Un provinciano en Quito, 2020/12/10

 La primera ocasión que encontré a Quito fue tras el velo de una habitación de estudiante en la calle Pereira, recién llegado de Ibarra. Tenía el privilegio de una vista espléndida: una pared blanquísima que dejaba adivinar las cúpulas de Santo Domingo. Y allí, los olores de las calles y las vivencias: las rockolas donde los amores náufragos no se parecían a esas evocaciones de César Dávila Andrade que conversaba en los lupanares para escribir Boletín y Elegía de las Mitas: “Y a un Cristo, adrede, tam trujeron, / entre lanzas, banderas y caballos”.

El Centro Histórico era visto como un espacio envuelto en una neblina de marginalidad pero también de una historia cotidiana que se construía más allá de sus callejuelas y monumentos. Había que ir por la calle Sucre, para saborear el chocolate espumoso y el pan de Ambato, pero también para encontrarse con la mítica Casa Azul donde el Mariscal de Ayacucho, Antonio José de Sucre, había construido un sueño imposible antes de que las balas de la infamia lo derribaran en Berruecos.

Era una experiencia inmensa ascender por la gradas de la calle Mideros para –como en el poema- encontrar un huequito para mirar a Quito. De allí hasta San Francisco, para saber que Cantuña se salvó por una piedra que los diablillos no alcanzaron a colocar en el prodigioso atrio. Pero más allá, las calles por donde el levantisco Padre Almeida dejó pasmado al Cristo que lo esperaba en San Diego, contemplando la escalera.

En la laberíntica urbe, conocer de las almas en pena que se escabullían para amansar, tal es la palabra, a los chullas quiteños que se escapaban al fandango, al igual que hacían sus mayores desde tiempos antiquísimos. Y allí, la Plaza Grande, donde en una ocasión el poeta Fakir se sacó la leva para colocarle a un pordiosero friolento como si hubiera salido de uno de sus textos: “Cierta vez uno un niño que fue guiado por una virgen / el niño tenía entonces un oscuro remiendo en forma de ala / que de noche le llevaba en desquite hacia los ángeles”, escribió Dávila Andrade nacido en la bella Cuenca. (O)

El Telégrafo - Un provinciano en Quito (eltelegrafo.com.ec)

sábado, 5 de diciembre de 2020

Los islotes de Cuicocha, 2020/12/03

 


Las montañas son los dioses tutelares en la mitología de los pueblos originarios, antes de las sucesivas invasiones de incas y castellanos quienes trajeron a las deidades del Sol y los cristos agónicos. En la parte norte, se encontraba el señorío étnico de los Caranquis, quienes fueron los constructores de 5.000 tolas, tenían como eje el maíz y su territorio era desde el Valle del Chota hasta Guayllabamba.
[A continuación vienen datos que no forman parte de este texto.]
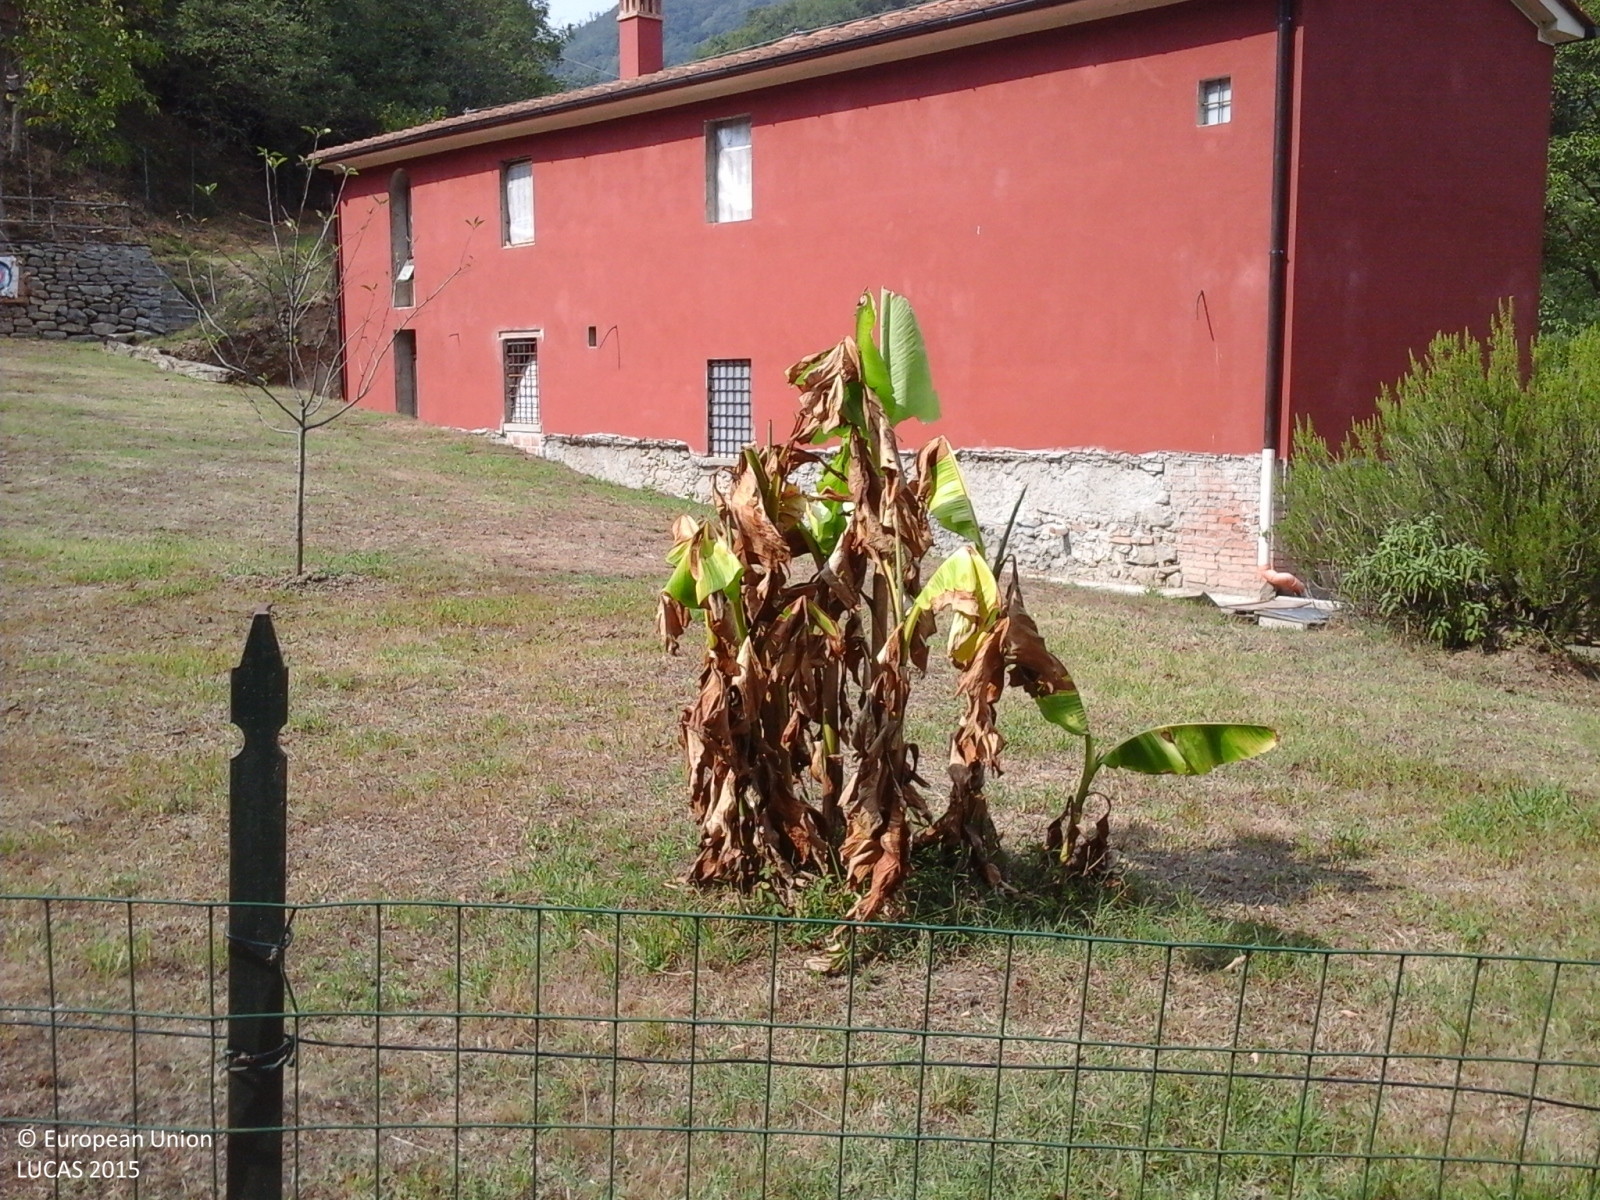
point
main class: Grassland
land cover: Grassland without tree/shrub cover
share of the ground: 50 - 75 %
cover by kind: herbaceous plants 95 %, shrubs 5 %
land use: Residential
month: August
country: IT
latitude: 43.9501
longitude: 10.8576
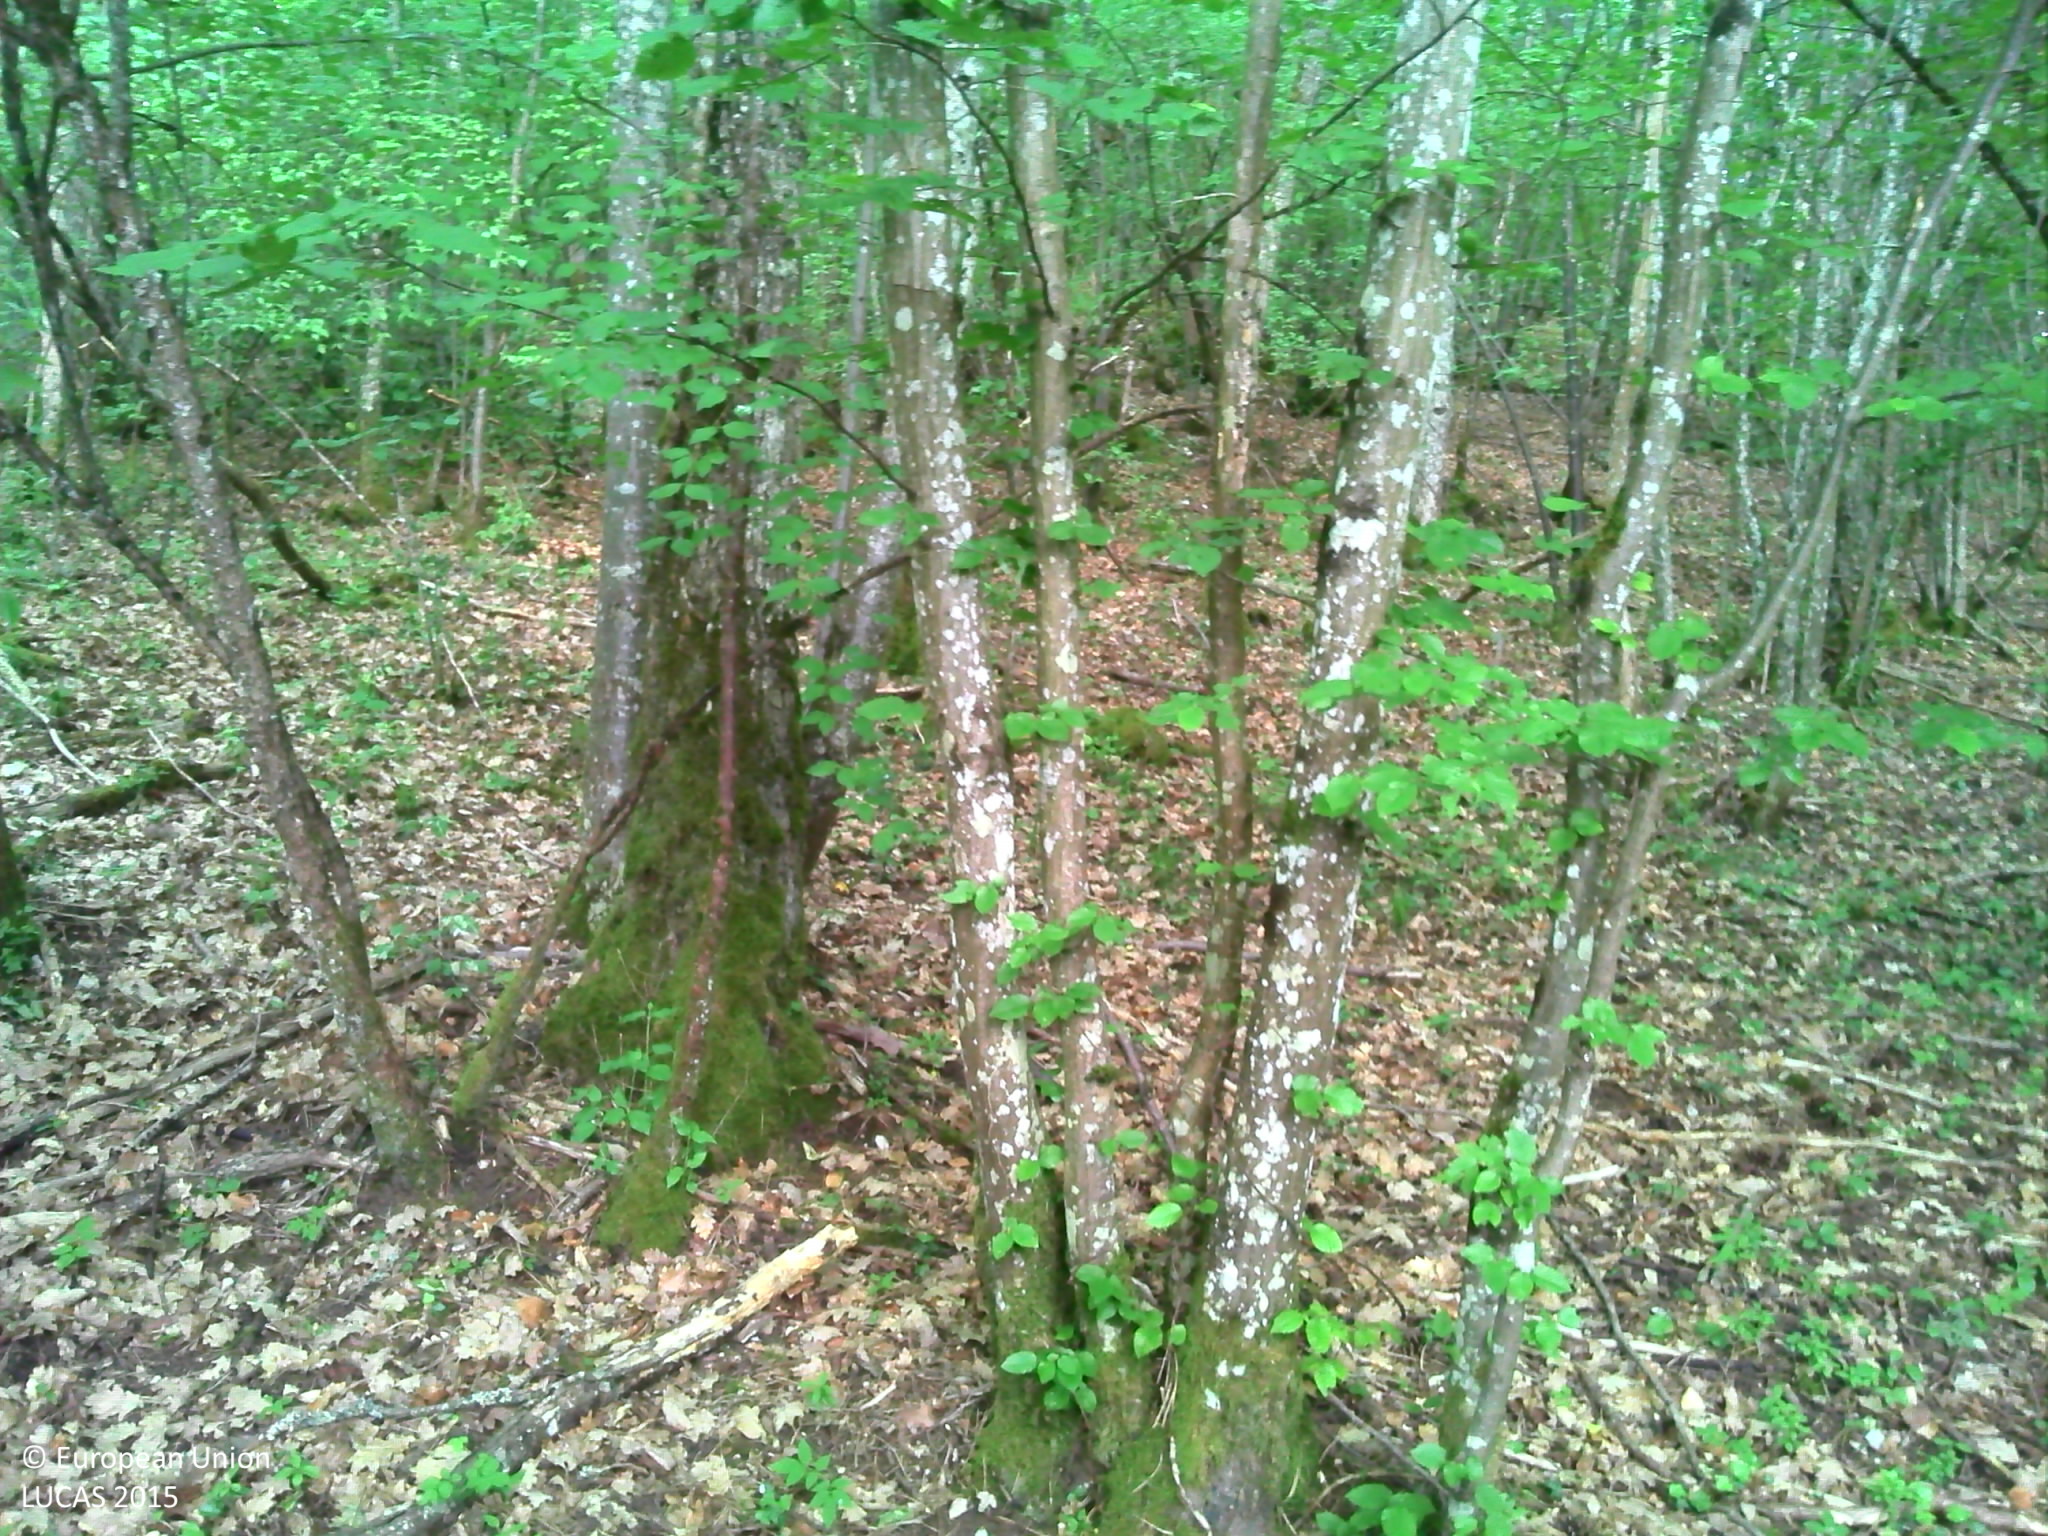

En este mismo espacio se ha reseñado la importancia del agua en su cosmogonía. Ahora, comparto el nacimiento de los dos hermosos islotes enclavados en la laguna de Cuicocha (que significa la Laguna del cuy, que también tiene su propia leyenda):

Taita Imbabura esperó con paciencia que las aguas amainaran, en los primeros días del Mundo. Después, con cautela tendió un puente de colores. Por allí se fue para iniciar sus amoríos con la montaña Cotacachi, también conocida como Huarmi Urcu, que significa Mujer-Montaña. Por el arco iris se lo vio pasar las cordilleras para amarse, entre los pajonales.

De estos amores, a los montes vigorosos les han nacido varios hijos: el Yanaurcu, un joven apasionado, que significa Cerro Negro, y las chiquillas Putujura y la Negra, que recién están creciendo y por eso son aún lomas. Son hijos del Imbabura, el Taita o padre, el más sabio de los montes y su compañera la Mama Cotacachi.

Hace poco, Taita Imbabura se ha subido nuevamente al cuichi, como dicen los abuelos al arco iris. La amante Cotacachi, cuentan que por capricho, ha puesto a sus dos hijas rodeadas por una laguna. Eso le han dicho al Taita que ha querido conocer personalmente a sus gemelas, que se parecen islotes, donde llegan aves nómadas.

Taita Imbabura alarga su poderoso pie. Pero casi al descuido aparece el río Ambi que le corta el paso. El río está enfurecido y el Taita siente que sus pies se transforman en rocas.

No puede moverse pero allí está mirando con dirección a la laguna de Cuicocha. A veces, cae una llovizna en su cabeza cubierta de un penacho de nubes, como si estuviera llorando.